Some ETF investors nervous about the looming U.S. fiscal cliff are looking at international markets for better growth opportunities and diversification.
There are many low-cost funds that provide straight, market-cap-weighted exposure to developed countries and developing markets.
However, one analyst recommends investors take a lower-risk approach to investing abroad with ETFs that employ low-volatility and dividend strategies.
For Europe and other developed markets, Morningstar ETF Investor newsletter editor Sam Lee says he likes iShares MSCI EAFE Minimum Volatility (EFAV). Launched in October 2011, the ETF has $196.6 million in assets. The fund holds 172 stocks and charges an expense ratio of 0.2%, according to manager BlackRock (BLK).
The ETF selects the least-volatile stocks in the MSCI EAFE Index, a popular benchmark for international developed markets. EAFE stands for Europe, Australasia and Far East.
Historically in back tests, the specialized benchmark has had about one third to one fifth less volatility in the market-weighted EAFE Index, Lee notes. Volatility is a measure of a security’s tendency to jump around in price. [Low-Volatility ETFs vs. Dividend ETFs]
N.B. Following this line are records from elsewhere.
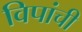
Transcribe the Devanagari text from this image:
विपांची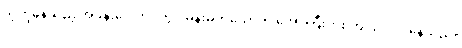
သူတို့နေသည့် အခန်းပေါက်ဝတွင် မိန်းမတယောက် အော်ကြီးဟစ်ကျယ် လုပ်နေသည်။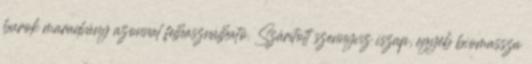
burok maradvány azonnal felhasználható. Szárított szennyvíz iszap, egyéb biomassza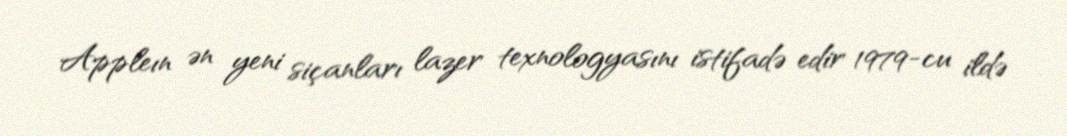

“Low volatility is a really compelling strategy because it seems over the long run low volatility strategies will offer you above the market return, but with about less risk. So I think it’s really promising strategy to apply especially in the more volatile markets right now,” Lee said in a video interview.
For developing markets, the Morningstar ETF analyst says he favors WisdomTree Emerging Markets Equity Income (DEM). The popular fund has raked in $2.4 billion of inflows so far this year, according to Index Universe data. [Emerging Market Dividend ETFs: How to Choose the Right Fund]
DEM has an expense ratio of 0.63% and is paying a SEC 30-day yield of 4.2%, according to sponsor WisdomTree (WETF). The fund holds assets of $4.4 billion.
“There is higher turnover, but I think that the value tilt and the dividend tilt are very useful especially in the emerging markets because emerging markets are countries in which accounting standards are not as clear, as uniform, and their balance sheets are not as transparent,” Lee said. “And not only that, but management may not be as well-aligned with shareholders as they are in U.S. companies. So if you own dividend-paying stocks, then you’re buying stocks in companies where management’s interests and your interests are more well-aligned.”